[Opening DATASET RECORDS section]

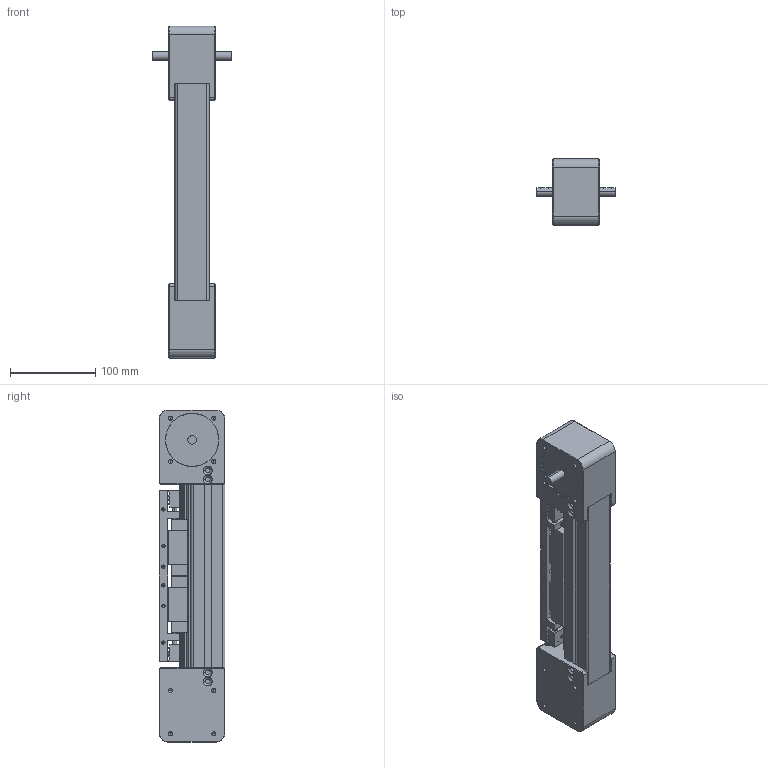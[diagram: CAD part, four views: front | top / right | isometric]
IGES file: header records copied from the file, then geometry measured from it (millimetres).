
Global section: file name: No Iges File Name specified; native system: Autodesk Inventor 2011; preprocessor: AutoDesk Inventor Iges Exporter R2011; author: user; date: 20101216.102229; units: millimetre
Bounding box: 92 x 77 x 389 mm (x, y, z)
Volume: 988128.6 mm3; surface area: 278688.8 mm2
Topology: 5 solids, 23 shells, 1274 faces, 3332 edges, 2100 vertices
Faces by surface type: plane 471, bspline 348, revolution 219, cylinder 132, cone 64, torus 40
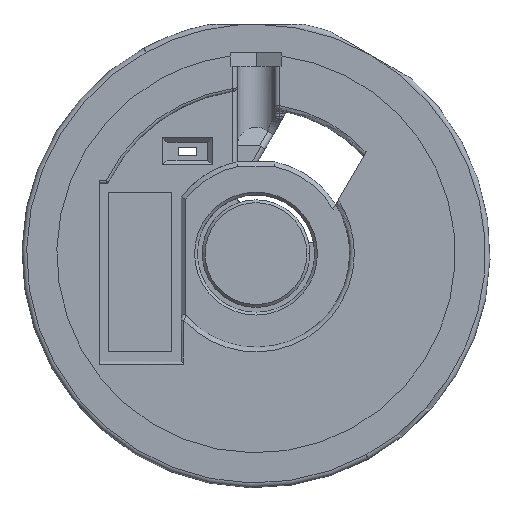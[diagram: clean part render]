
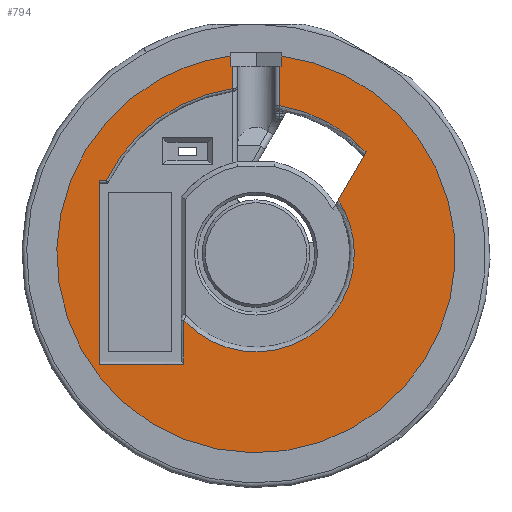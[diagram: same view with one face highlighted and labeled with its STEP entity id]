
A CAD part, top view. The second image highlights one B-rep face of the part: STEP entity #794.
In plain terms, the highlighted planar face has unit normal (0, 0, 1).
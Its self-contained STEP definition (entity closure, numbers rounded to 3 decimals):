
#360=CARTESIAN_POINT('Line Origine',(-33.5,-4.,16.)) ;
#364=CARTESIAN_POINT('Vertex',(-33.5,15.6,16.)) ;
#366=CARTESIAN_POINT('Vertex',(-33.5,-23.6,16.)) ;
#590=CARTESIAN_POINT('Axis2P3D Location',(0.,0.,16.)) ;
#594=CARTESIAN_POINT('Vertex',(-5.,35.247,16.)) ;
#596=CARTESIAN_POINT('Vertex',(-32.,15.6,16.)) ;
#654=CARTESIAN_POINT('Line Origine',(0.,15.6,16.)) ;
#666=CARTESIAN_POINT('Axis2P3D Location',(0.,42.552,16.)) ;
#671=CARTESIAN_POINT('Axis2P3D Location',(0.,0.,16.)) ;
#675=CARTESIAN_POINT('Vertex',(21.,0.,16.)) ;
#677=CARTESIAN_POINT('Vertex',(17.591,11.469,16.)) ;
#680=CARTESIAN_POINT('Axis2P3D Location',(0.,0.,16.)) ;
#684=CARTESIAN_POINT('Vertex',(-15.4,-14.277,16.)) ;
#687=CARTESIAN_POINT('Line Origine',(-15.4,-18.939,16.)) ;
#691=CARTESIAN_POINT('Vertex',(-15.4,-23.6,16.)) ;
#694=CARTESIAN_POINT('Line Origine',(-24.45,-23.6,16.)) ;
#699=CARTESIAN_POINT('Line Origine',(-5.,37.624,16.)) ;
#703=CARTESIAN_POINT('Vertex',(-5.,40.,16.)) ;
#706=CARTESIAN_POINT('Line Origine',(-5.175,40.,16.)) ;
#710=CARTESIAN_POINT('Vertex',(-5.35,40.,16.)) ;
#713=CARTESIAN_POINT('Line Origine',(-5.35,41.107,16.)) ;
#717=CARTESIAN_POINT('Vertex',(-5.35,42.215,16.)) ;
#720=CARTESIAN_POINT('Axis2P3D Location',(0.,0.,16.)) ;
#724=CARTESIAN_POINT('Vertex',(-20.401,37.343,16.)) ;
#727=CARTESIAN_POINT('Axis2P3D Location',(0.,0.,16.)) ;
#731=CARTESIAN_POINT('Vertex',(20.401,-37.343,16.)) ;
#734=CARTESIAN_POINT('Axis2P3D Location',(0.,0.,16.)) ;
#738=CARTESIAN_POINT('Vertex',(5.35,42.215,16.)) ;
#741=CARTESIAN_POINT('Line Origine',(5.35,41.107,16.)) ;
#745=CARTESIAN_POINT('Vertex',(5.35,40.,16.)) ;
#748=CARTESIAN_POINT('Line Origine',(5.175,40.,16.)) ;
#752=CARTESIAN_POINT('Vertex',(5.,40.,16.)) ;
#755=CARTESIAN_POINT('Line Origine',(5.,35.803,16.)) ;
#759=CARTESIAN_POINT('Vertex',(5.,31.607,16.)) ;
#762=CARTESIAN_POINT('Axis2P3D Location',(0.,0.,16.)) ;
#766=CARTESIAN_POINT('Vertex',(23.506,21.713,16.)) ;
#769=CARTESIAN_POINT('Line Origine',(20.549,16.591,16.)) ;
#361=DIRECTION('Vector Direction',(0.,-1.,0.)) ;
#591=DIRECTION('Axis2P3D Direction',(-0.,0.,1.)) ;
#655=DIRECTION('Vector Direction',(1.,0.,0.)) ;
#667=DIRECTION('Axis2P3D Direction',(0.,0.,1.)) ;
#668=DIRECTION('Axis2P3D XDirection',(1.,0.,0.)) ;
#672=DIRECTION('Axis2P3D Direction',(0.,0.,1.)) ;
#681=DIRECTION('Axis2P3D Direction',(0.,0.,1.)) ;
#688=DIRECTION('Vector Direction',(0.,1.,0.)) ;
#695=DIRECTION('Vector Direction',(-1.,0.,0.)) ;
#700=DIRECTION('Vector Direction',(0.,-1.,0.)) ;
#707=DIRECTION('Vector Direction',(1.,0.,0.)) ;
#714=DIRECTION('Vector Direction',(0.,-1.,0.)) ;
#721=DIRECTION('Axis2P3D Direction',(0.,0.,1.)) ;
#728=DIRECTION('Axis2P3D Direction',(0.,0.,1.)) ;
#735=DIRECTION('Axis2P3D Direction',(0.,0.,1.)) ;
#742=DIRECTION('Vector Direction',(0.,-1.,0.)) ;
#749=DIRECTION('Vector Direction',(1.,0.,0.)) ;
#756=DIRECTION('Vector Direction',(0.,1.,0.)) ;
#763=DIRECTION('Axis2P3D Direction',(0.,0.,1.)) ;
#770=DIRECTION('Vector Direction',(-0.5,-0.866,0.)) ;
#592=AXIS2_PLACEMENT_3D('Circle Axis2P3D',#590,#591,$) ;
#669=AXIS2_PLACEMENT_3D('Plane Axis2P3D',#666,#667,#668) ;
#673=AXIS2_PLACEMENT_3D('Circle Axis2P3D',#671,#672,$) ;
#682=AXIS2_PLACEMENT_3D('Circle Axis2P3D',#680,#681,$) ;
#722=AXIS2_PLACEMENT_3D('Circle Axis2P3D',#720,#721,$) ;
#729=AXIS2_PLACEMENT_3D('Circle Axis2P3D',#727,#728,$) ;
#736=AXIS2_PLACEMENT_3D('Circle Axis2P3D',#734,#735,$) ;
#764=AXIS2_PLACEMENT_3D('Circle Axis2P3D',#762,#763,$) ;
#775=ORIENTED_EDGE('',*,*,#679,.F.) ;
#776=ORIENTED_EDGE('',*,*,#686,.F.) ;
#777=ORIENTED_EDGE('',*,*,#693,.F.) ;
#778=ORIENTED_EDGE('',*,*,#698,.F.) ;
#779=ORIENTED_EDGE('',*,*,#368,.F.) ;
#780=ORIENTED_EDGE('',*,*,#658,.F.) ;
#781=ORIENTED_EDGE('',*,*,#598,.F.) ;
#782=ORIENTED_EDGE('',*,*,#705,.T.) ;
#783=ORIENTED_EDGE('',*,*,#712,.F.) ;
#784=ORIENTED_EDGE('',*,*,#719,.F.) ;
#785=ORIENTED_EDGE('',*,*,#726,.T.) ;
#786=ORIENTED_EDGE('',*,*,#733,.T.) ;
#787=ORIENTED_EDGE('',*,*,#740,.T.) ;
#788=ORIENTED_EDGE('',*,*,#747,.T.) ;
#789=ORIENTED_EDGE('',*,*,#754,.F.) ;
#790=ORIENTED_EDGE('',*,*,#761,.F.) ;
#791=ORIENTED_EDGE('',*,*,#768,.F.) ;
#792=ORIENTED_EDGE('',*,*,#773,.F.) ;
#362=VECTOR('Line Direction',#361,1.) ;
#656=VECTOR('Line Direction',#655,1.) ;
#689=VECTOR('Line Direction',#688,1.) ;
#696=VECTOR('Line Direction',#695,1.) ;
#701=VECTOR('Line Direction',#700,1.) ;
#708=VECTOR('Line Direction',#707,1.) ;
#715=VECTOR('Line Direction',#714,1.) ;
#743=VECTOR('Line Direction',#742,1.) ;
#750=VECTOR('Line Direction',#749,1.) ;
#757=VECTOR('Line Direction',#756,1.) ;
#771=VECTOR('Line Direction',#770,1.) ;
#794=ADVANCED_FACE('\X2\04220435043B043E\X0\ \X2\0434043504420430043B0438\X0\',(#793),#670,.T.) ;
#593=CIRCLE('generated circle',#592,35.6) ;
#674=CIRCLE('generated circle',#673,21.) ;
#683=CIRCLE('generated circle',#682,21.) ;
#723=CIRCLE('generated circle',#722,42.552) ;
#730=CIRCLE('generated circle',#729,42.552) ;
#737=CIRCLE('generated circle',#736,42.552) ;
#765=CIRCLE('generated circle',#764,32.) ;
#368=EDGE_CURVE('',#365,#367,#363,.T.) ;
#598=EDGE_CURVE('',#595,#597,#593,.T.) ;
#658=EDGE_CURVE('',#597,#365,#657,.F.) ;
#679=EDGE_CURVE('',#676,#678,#674,.T.) ;
#686=EDGE_CURVE('',#685,#676,#683,.T.) ;
#693=EDGE_CURVE('',#692,#685,#690,.T.) ;
#698=EDGE_CURVE('',#367,#692,#697,.F.) ;
#705=EDGE_CURVE('',#595,#704,#702,.F.) ;
#712=EDGE_CURVE('',#711,#704,#709,.T.) ;
#719=EDGE_CURVE('',#718,#711,#716,.T.) ;
#726=EDGE_CURVE('',#718,#725,#723,.T.) ;
#733=EDGE_CURVE('',#725,#732,#730,.T.) ;
#740=EDGE_CURVE('',#732,#739,#737,.T.) ;
#747=EDGE_CURVE('',#739,#746,#744,.T.) ;
#754=EDGE_CURVE('',#753,#746,#751,.T.) ;
#761=EDGE_CURVE('',#760,#753,#758,.T.) ;
#768=EDGE_CURVE('',#767,#760,#765,.T.) ;
#773=EDGE_CURVE('',#678,#767,#772,.F.) ;
#774=EDGE_LOOP('',(#775,#776,#777,#778,#779,#780,#781,#782,#783,#784,#785,#786,#787,#788,#789,#790,#791,#792)) ;
#793=FACE_OUTER_BOUND('',#774,.T.) ;
#363=LINE('Line',#360,#362) ;
#657=LINE('Line',#654,#656) ;
#690=LINE('Line',#687,#689) ;
#697=LINE('Line',#694,#696) ;
#702=LINE('Line',#699,#701) ;
#709=LINE('Line',#706,#708) ;
#716=LINE('Line',#713,#715) ;
#744=LINE('Line',#741,#743) ;
#751=LINE('Line',#748,#750) ;
#758=LINE('Line',#755,#757) ;
#772=LINE('Line',#769,#771) ;
#670=PLANE('Plane',#669) ;
#365=VERTEX_POINT('',#364) ;
#367=VERTEX_POINT('',#366) ;
#595=VERTEX_POINT('',#594) ;
#597=VERTEX_POINT('',#596) ;
#676=VERTEX_POINT('',#675) ;
#678=VERTEX_POINT('',#677) ;
#685=VERTEX_POINT('',#684) ;
#692=VERTEX_POINT('',#691) ;
#704=VERTEX_POINT('',#703) ;
#711=VERTEX_POINT('',#710) ;
#718=VERTEX_POINT('',#717) ;
#725=VERTEX_POINT('',#724) ;
#732=VERTEX_POINT('',#731) ;
#739=VERTEX_POINT('',#738) ;
#746=VERTEX_POINT('',#745) ;
#753=VERTEX_POINT('',#752) ;
#760=VERTEX_POINT('',#759) ;
#767=VERTEX_POINT('',#766) ;

[Closing DATASET RECORDS section]

▶ _AIM OF THE EXERCISE_:
Among the entries above, copy exactly only the lines starting with the one containing "#679=EDGE_CURVE('',#676,#678,#674,.T.) ;" and going through the one containing "#719=EDGE_CURVE('',#718,#711,#716,.T.) ;", both ends included.

▶ _RESULT BELOW_:
#679=EDGE_CURVE('',#676,#678,#674,.T.) ;
#686=EDGE_CURVE('',#685,#676,#683,.T.) ;
#693=EDGE_CURVE('',#692,#685,#690,.T.) ;
#698=EDGE_CURVE('',#367,#692,#697,.F.) ;
#705=EDGE_CURVE('',#595,#704,#702,.F.) ;
#712=EDGE_CURVE('',#711,#704,#709,.T.) ;
#719=EDGE_CURVE('',#718,#711,#716,.T.) ;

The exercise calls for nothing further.